4. Results and Discussion
We obtained a plasmid from Prof, Qingyu (Cleveland, Ohio) that let us transfect HEK-293 cells and overexpress the human Corin with the purpose to evaluate by Western blotting (with anti- TLP and anti-Corin) whether the two proteins are really the same protein. In parallel we are improving the tests of immunoprecipitation by the use of cell extracts derived from lung cancer cells A549 and NCI-H23 with the aim to be able of obtaining a precipitate containing only the TLP. This result would allow a better sequence of the aminoterminal fragment of TLP and furthermore would allow to look in details the homologies between TLP and Corin.
In fact the partial aminoacid sequence of TLP showes a high homology with the sequence of human Corin (at least one aminoacid is different) and is present in lung cancer under different isoforms [23]. From the references it is known that human Corin is expressed mostly outside the cells and the protein extract derived from the extracellular medium and from the cells transfected with the plasmid, which overexpresses Corin, showes many more bands analyzed on SDS-PAGE that are equivalent to the bands (about 50-100 kDa) observed in the Western blots analyzed with anti- TLP.
Tumor liberated protein (TLP), a tumor-associated antigen (complex) first described by Tarro et al., is present in the sera from lung cancer patients mainly at early stage disease. Since early detection clearly improves overall survival in lung cancer, identification of early screening biomarkers for patients at risk for the development of this disease represents an area of intense investigation.
Studies were set out to identify the nature of TLP to evaluate it further as a potential early cancer screening marker. Starting from the peptide epitope RTNKEASI, previously isolated from TLP complexes, we generated a rabbit anti-TLP serum. This antiserum detected and immunoprecipitated a 55kDa protein present in the supernatant as well as in the lysate of the lung cancer cell line A549. This protein was identified as aldehyde dehydrogenase isoforms 1A1 and 3A1 through mass spectrometry, reaveling the molecular nature of at least one component of the previously described TLP comlex (research ongoing at Hamburg University, personal communication).
5. Conclusions
5.1 List of TLP functions
TLP is a new protein extracted from tumors in vivo and transformed cells in vitro, Figure 4 [17].

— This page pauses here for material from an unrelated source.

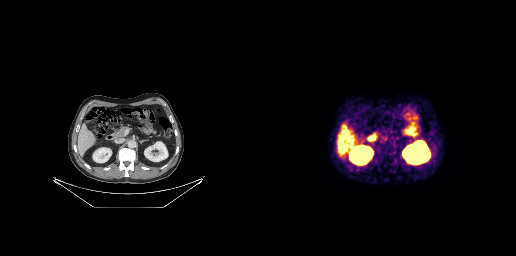
Left: CT. Right: PSMA PET, same axial level, 68Ga-PSMA tracer. Acquired on GE Discovery 690. Slice position z = -548 mm. This slice has no annotated PSMA-avid lesion.

TLP is detectable in blood as well as in cancer tissue [16,24].
TLP is a tumor associated antigen of 50 KD monomer [25,26].

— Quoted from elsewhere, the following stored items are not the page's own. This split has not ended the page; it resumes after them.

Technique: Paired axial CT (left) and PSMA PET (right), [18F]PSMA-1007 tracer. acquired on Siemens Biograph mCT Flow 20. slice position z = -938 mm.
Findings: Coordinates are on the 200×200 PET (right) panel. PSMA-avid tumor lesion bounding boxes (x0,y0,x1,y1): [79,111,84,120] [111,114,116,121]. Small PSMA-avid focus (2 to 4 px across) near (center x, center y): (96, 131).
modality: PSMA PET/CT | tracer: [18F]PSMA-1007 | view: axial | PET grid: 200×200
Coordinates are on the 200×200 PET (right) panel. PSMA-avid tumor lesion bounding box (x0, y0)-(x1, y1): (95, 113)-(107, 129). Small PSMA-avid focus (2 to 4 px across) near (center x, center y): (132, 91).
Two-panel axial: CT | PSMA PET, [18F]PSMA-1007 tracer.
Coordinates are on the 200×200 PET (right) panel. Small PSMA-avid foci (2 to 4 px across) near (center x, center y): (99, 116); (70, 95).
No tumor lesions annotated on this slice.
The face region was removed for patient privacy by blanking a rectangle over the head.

TLP is overexpressed in lung tumor [25,26] and other epithelial adenocarcinomas [27,28].
TLP is immunogenic in humans as evidenced by serum antibodies [29], Table 4.
Research is ongoing to obtain the complete sequence of TLP, by proteomics approaches, in order to achieve adequate antigen preparations that might be used to generate assays for early diagnosis and, possibly, a specific anticancer vaccine [30].
5.2 Perspectives
The perspectives of TLP are the following:
Since its sequences stimulate cytotoxic immunoresponse in humans and animal models, it is possible to design potential active and passive immunotherapies for NSCL cancer and colorectal cancers (CRC) based on TLP epitopes and humanized antibodies [18,31].
Fragments of TLP can be used to stimulate immune response to attack existing tumors [32].
At risk populations could be inoculated with TLP fragments to stimulate immune response to undetected or newly developing tumors [33,34].
Therefore the ability of the immune system to recognize TLP, represents a main target for diagnosis and therapy in this field of research.
Competing Interests
The author declare that there is no competing interests regarding the publication of this article.